Scientific disciplines such as genomics and high energy particle physics turn to cloud computing for certain HPC applications for a fairly basic reason: cloud computing is optimal for experimentation. For Pellerin, computing on AWS allows ‘the ability to fail fast.’ An in-house system is subject to job queue and scheduling limitations that generally prove both costly and time-consuming.
Again, ‘the ability to fail fast’ is an important one for a researcher looking to initially test several hypotheses he or she may have given their large dataset. This capability doesn’t exclusively help those in the sciences, as financial services are running risk analytics on AWS while engineering firms run CAD and CAE simulations for aerospace, according to Pellerin. However, those terms of ‘risk analytics’ and ‘CAD simulations’ imply a theoretical, experimental approach to computing, where the value of running multiple scenarios in a short amount of time is considerable.
The focus here, though, was on the life sciences and on genomics in particular. The advances over the last decade have turned genome sequencing from a problem of actually performing the procedure to storing the relevant data. As Dickinson explained, “When we ask our customers where do they spend their time…the actual time they spend sequencing is relatively small. What really kills them is the bioinformatics, which is comprised of a lot of computationally intensive processing and also now interpretation.”
Ten years ago, the Human Genome was completed after 13 years and a $4 billion investment. Today, that same process takes only a day and about a thousand dollars to complete.
As such, genomic sequencing has scaled faster than Moore’s Law over the last decade, as seen in the figure below. This presents an obvious storage issue, especially when policy requires for that information to be kept for several years.

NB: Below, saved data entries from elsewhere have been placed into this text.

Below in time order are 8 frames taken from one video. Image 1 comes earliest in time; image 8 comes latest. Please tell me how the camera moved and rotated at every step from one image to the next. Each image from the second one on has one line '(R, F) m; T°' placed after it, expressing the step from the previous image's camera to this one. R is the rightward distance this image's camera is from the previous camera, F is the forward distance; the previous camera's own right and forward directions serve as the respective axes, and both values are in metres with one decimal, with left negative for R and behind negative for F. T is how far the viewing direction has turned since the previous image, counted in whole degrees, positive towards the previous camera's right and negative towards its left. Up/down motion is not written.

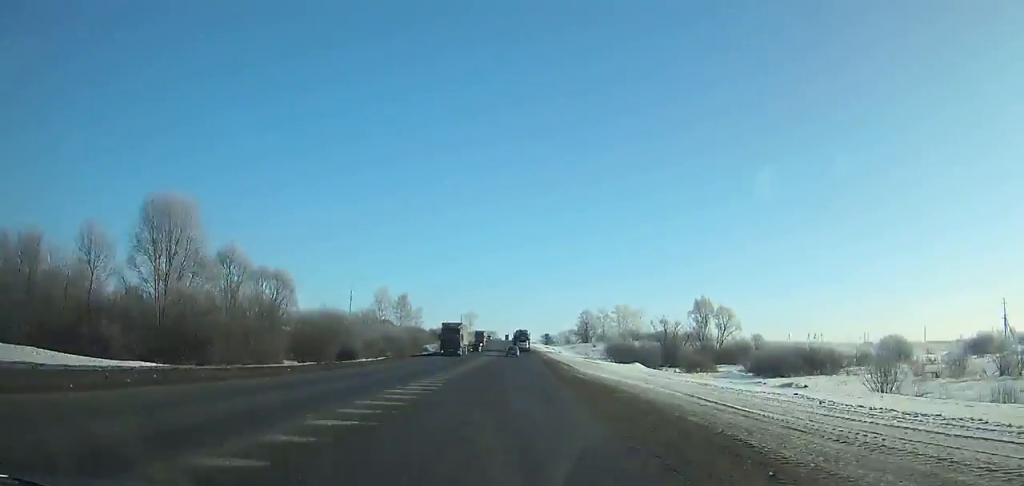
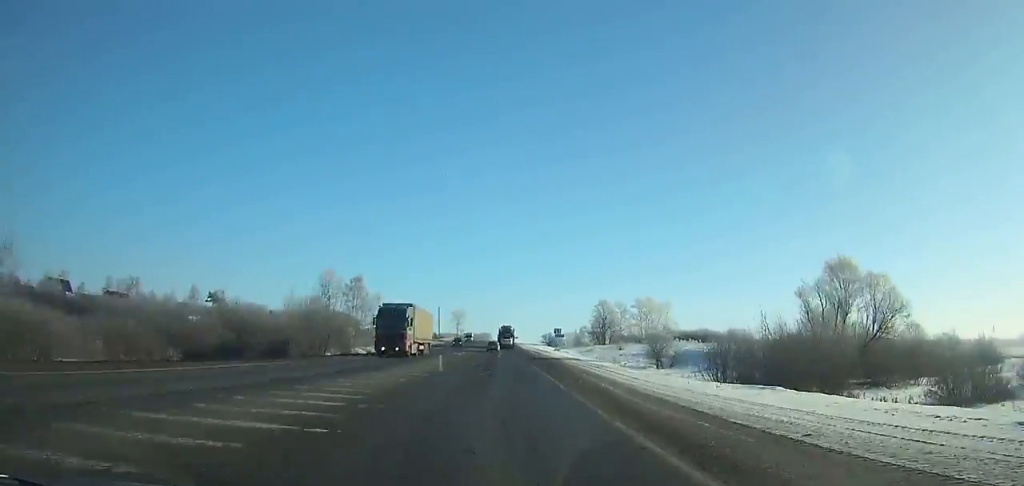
(+0.2, +55.0) m; 0°
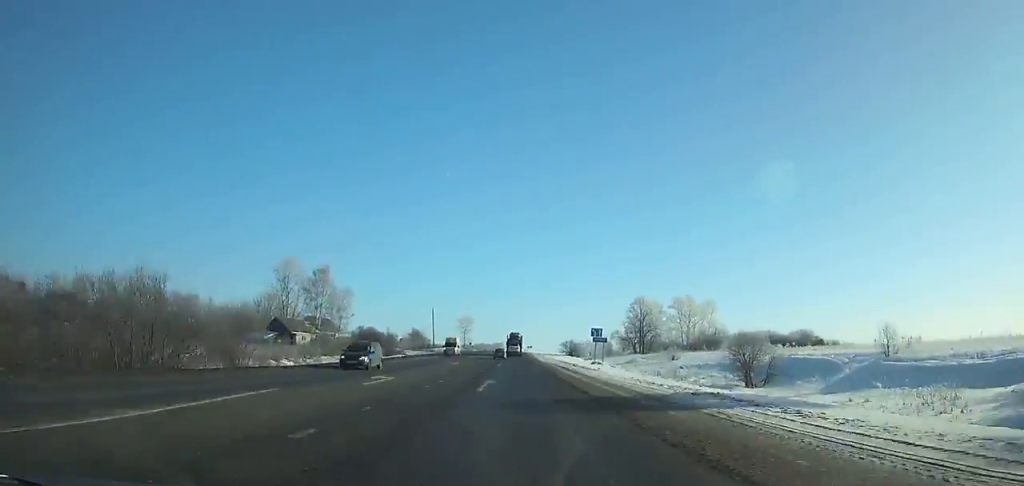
(+0.1, +37.0) m; -1°
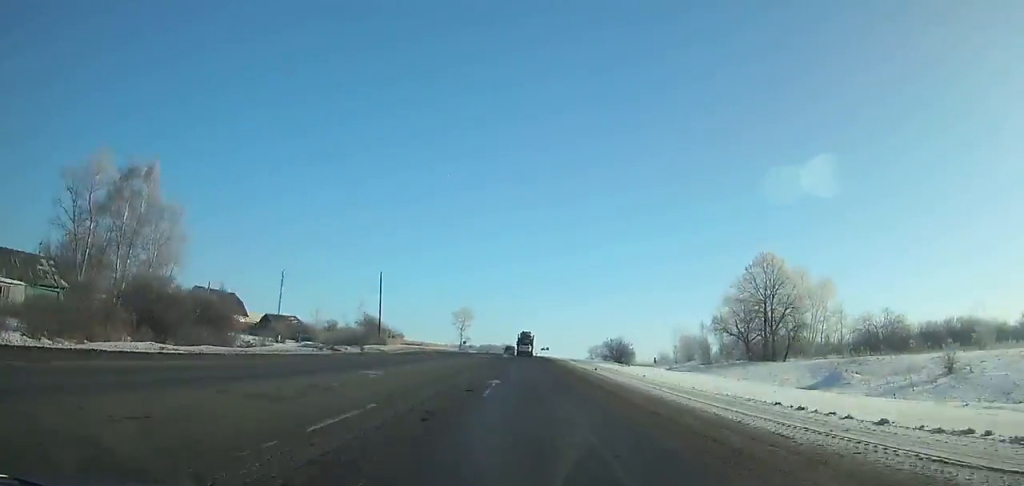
(-1.0, +65.8) m; -1°
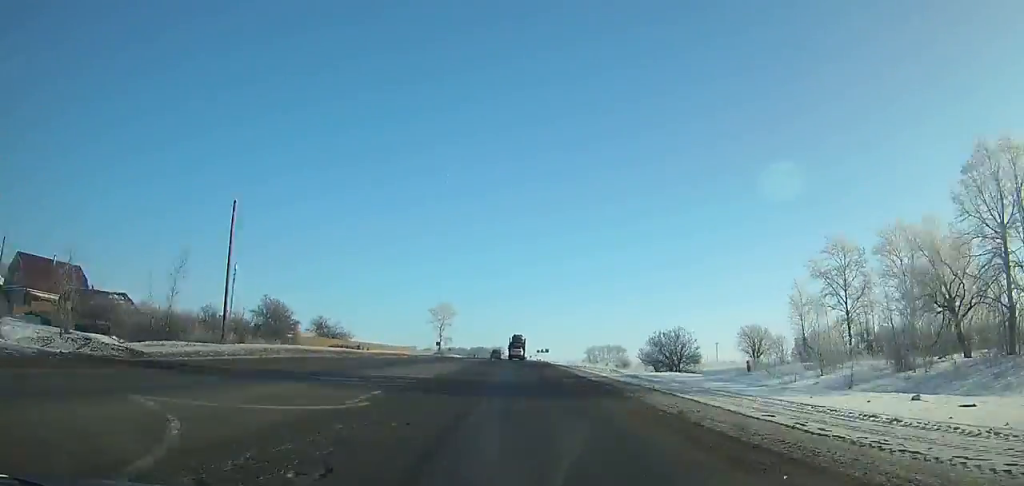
(+0.3, +42.0) m; 0°
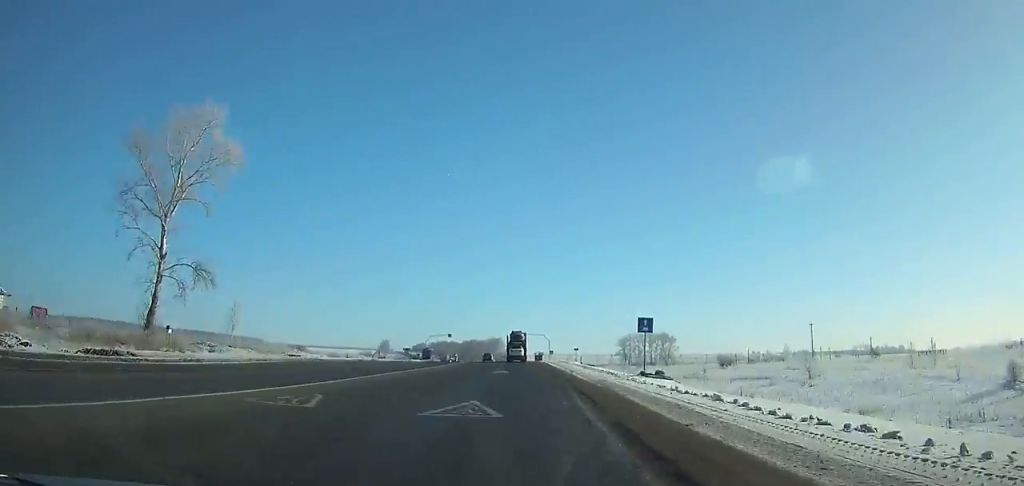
(-0.8, +165.9) m; -1°
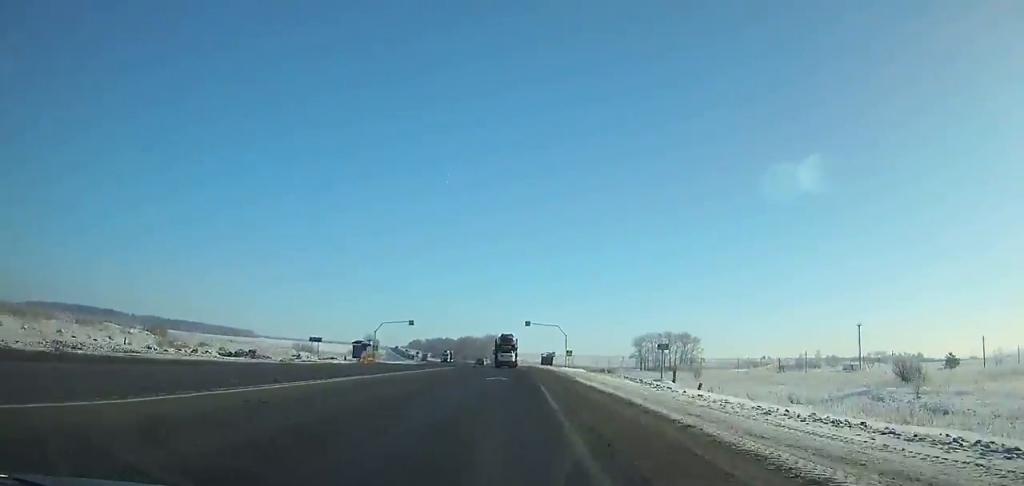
(0.0, +52.1) m; -1°
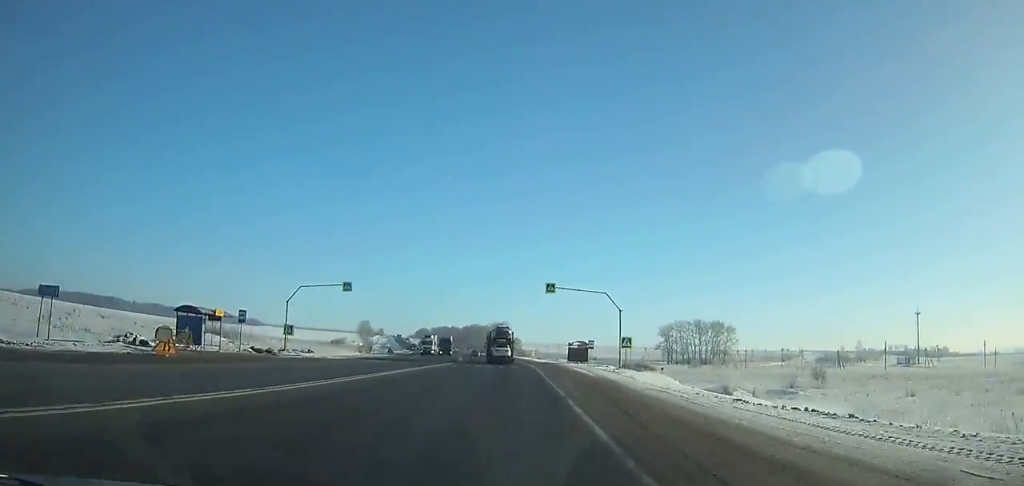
(-0.2, +41.4) m; -2°

Last week, we highlighted the work being done in BonFIRE to test angles of incidence to maximize the destruction of cancer rays while harming as few working cells as possible. Illumina isn’t working on this problem exactly but they are working on individual genomes to determine cancer causes. Dickinson argued that since everyone clearly has a different genome and that tumor growth is sparked by a malfunction in the cells processing genetic instructions, personalizing cancer treatment means running individual genomes.

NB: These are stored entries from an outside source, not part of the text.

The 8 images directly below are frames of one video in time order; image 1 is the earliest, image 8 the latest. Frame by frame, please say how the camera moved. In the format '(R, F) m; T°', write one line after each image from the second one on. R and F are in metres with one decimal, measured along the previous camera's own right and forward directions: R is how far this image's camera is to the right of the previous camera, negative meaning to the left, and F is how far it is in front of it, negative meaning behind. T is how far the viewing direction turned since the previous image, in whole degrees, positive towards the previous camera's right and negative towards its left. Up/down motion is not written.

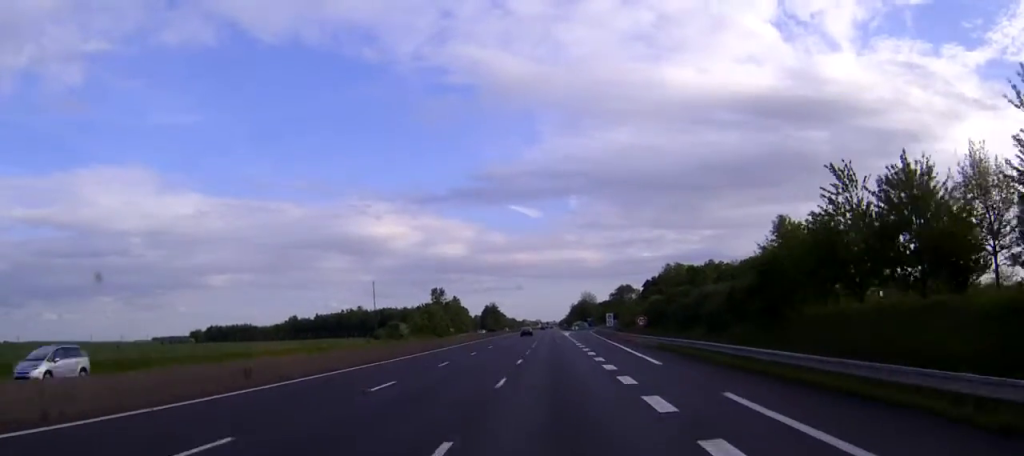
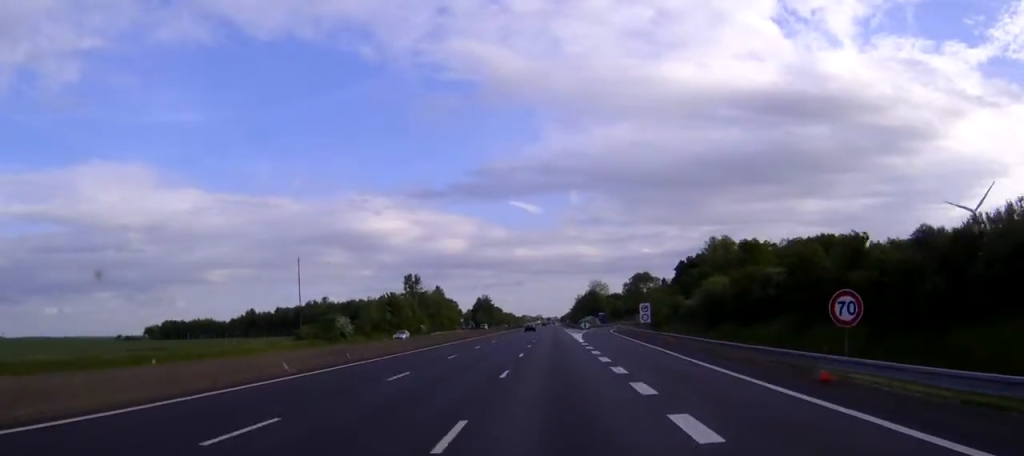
(-0.1, +49.5) m; 0°
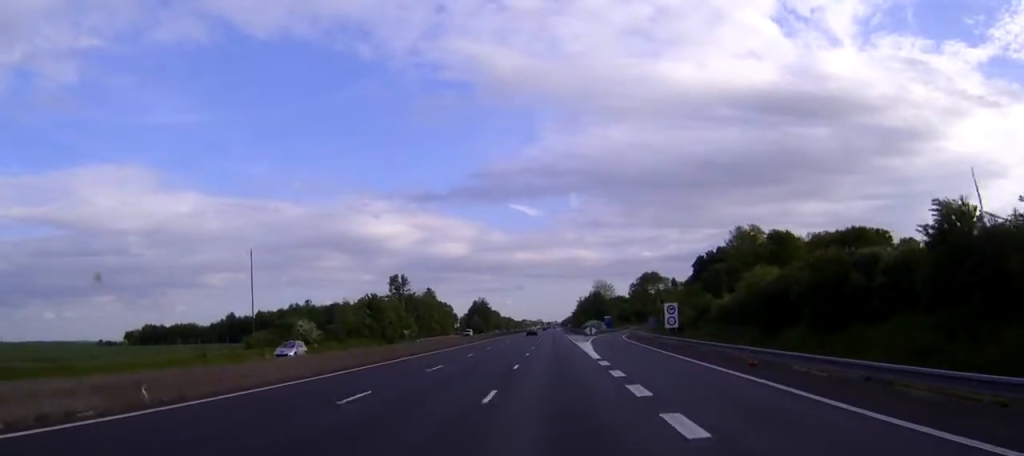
(0.0, +18.7) m; 0°
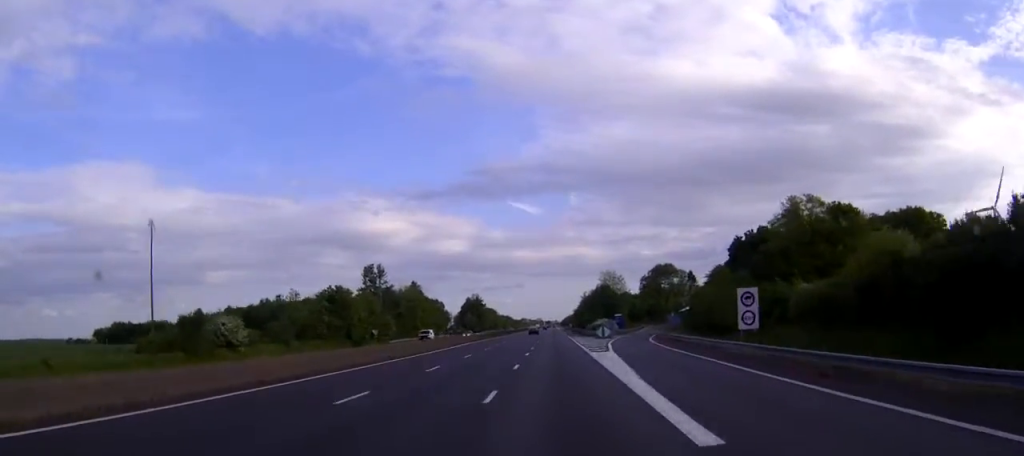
(0.0, +26.3) m; 0°
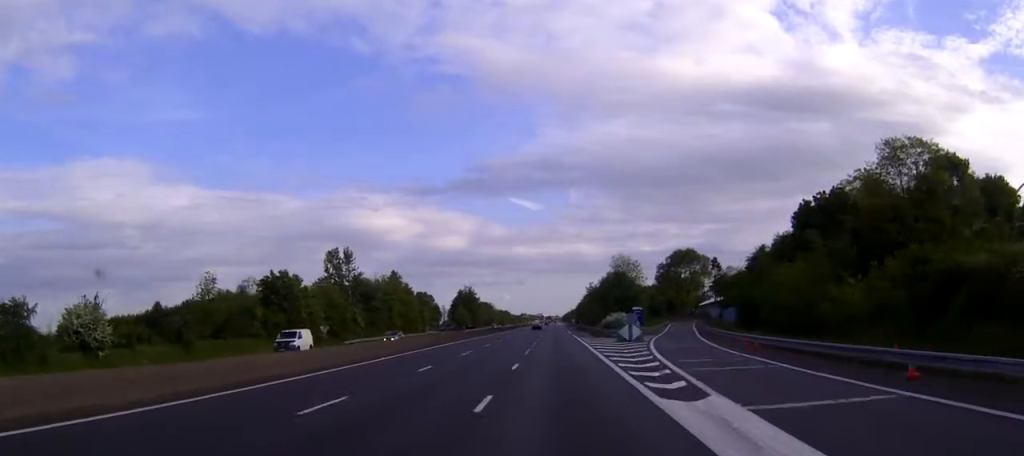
(0.0, +28.2) m; 0°
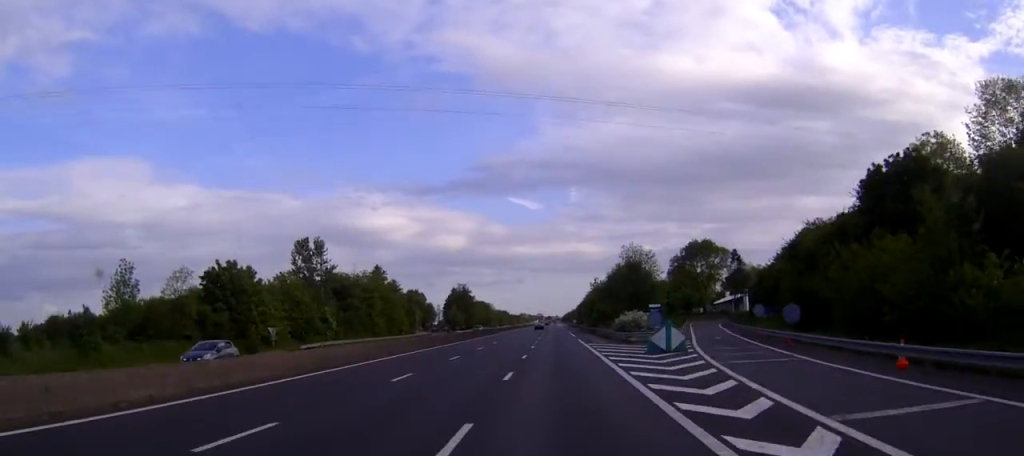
(0.0, +17.8) m; 0°
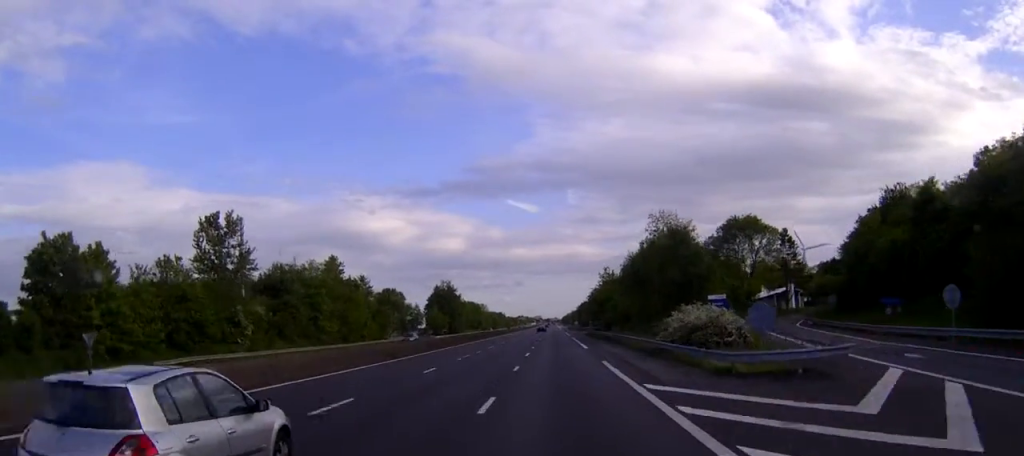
(+0.1, +33.7) m; 0°
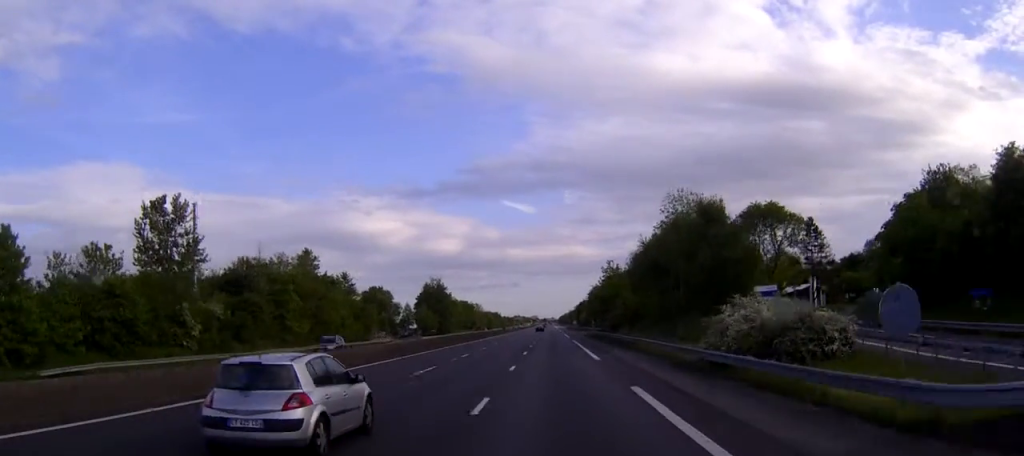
(0.0, +13.1) m; 0°

“Our solution was to build something called BaseSpace,” Dickinson explained as he delved deeper into how Illumina works with AWS. “In the labs we connect the instruments to BaseSpace using standard internet connections. It turns out that even though they produce a lot of data, they do it at a relatively steady pace.”

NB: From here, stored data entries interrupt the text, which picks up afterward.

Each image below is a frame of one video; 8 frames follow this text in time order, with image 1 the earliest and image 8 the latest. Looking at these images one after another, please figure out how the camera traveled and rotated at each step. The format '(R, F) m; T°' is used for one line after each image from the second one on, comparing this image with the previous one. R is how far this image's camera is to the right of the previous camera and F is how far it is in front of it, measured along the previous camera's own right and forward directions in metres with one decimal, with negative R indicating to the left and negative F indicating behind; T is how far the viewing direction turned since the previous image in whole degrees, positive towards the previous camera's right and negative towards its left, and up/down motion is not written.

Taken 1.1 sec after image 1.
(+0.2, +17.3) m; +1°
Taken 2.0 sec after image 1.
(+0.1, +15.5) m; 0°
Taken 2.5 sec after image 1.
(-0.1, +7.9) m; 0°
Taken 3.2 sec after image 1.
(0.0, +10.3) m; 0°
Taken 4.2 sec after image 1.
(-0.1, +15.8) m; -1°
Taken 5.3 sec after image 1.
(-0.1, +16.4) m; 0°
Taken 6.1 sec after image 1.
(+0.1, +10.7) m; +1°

Scientists like to keep the raw data of every genome that is sequenced, a commitment that requires approximately 120 GB of data. One might expect for a genome, which consists of about 3 billion bases, to require significantly more than 120 GB to unravel. However, since humans are quite genetically similar to each other, with variances among individuals only representing about 0.1 percent of the genetic signature, they are able to pare the dataset down to that 120 GB level. Once that’s done, according to Dickinson, Illumina can comfortably transfer that data to AWS through BaseSpace at a rate of about 7 Mbps.
Beyond storing genomes and running experimental tests on them, cloud and AWS in particular hope to be a facilitator of scientific collaboration. Today, the top method for sending massive datasets is by sending physical hard drives through the mail, according to Dickinson. The hope is that someday the cloud will become the first choice in delivering massive datasets such that exist in genome sequencing to other facilities, and Illumina is one of the life science companies pushing that paradigm.
Of course, there are more examples of institutions performing HPC applications in AWS, as explained by Shameen. Among such is Pfizer, who uses the Amazon Virtual Private Cloud to run pharmaceutical computational experiments in an extra secure environment, according to Shameen. Globus is a genomics company who, similar to Illumina, transfers their data to AWS, but this time over the Amazon implemented Galaxy platform. Further, Shameen pointed to the Harvard Medical School as an early adopter of AWS for excess and experimental HPC workloads.
As shown by Illumina, running experimental HPC applications in a cloud service like AWS is gaining more traction, especially in the life sciences and genomics department.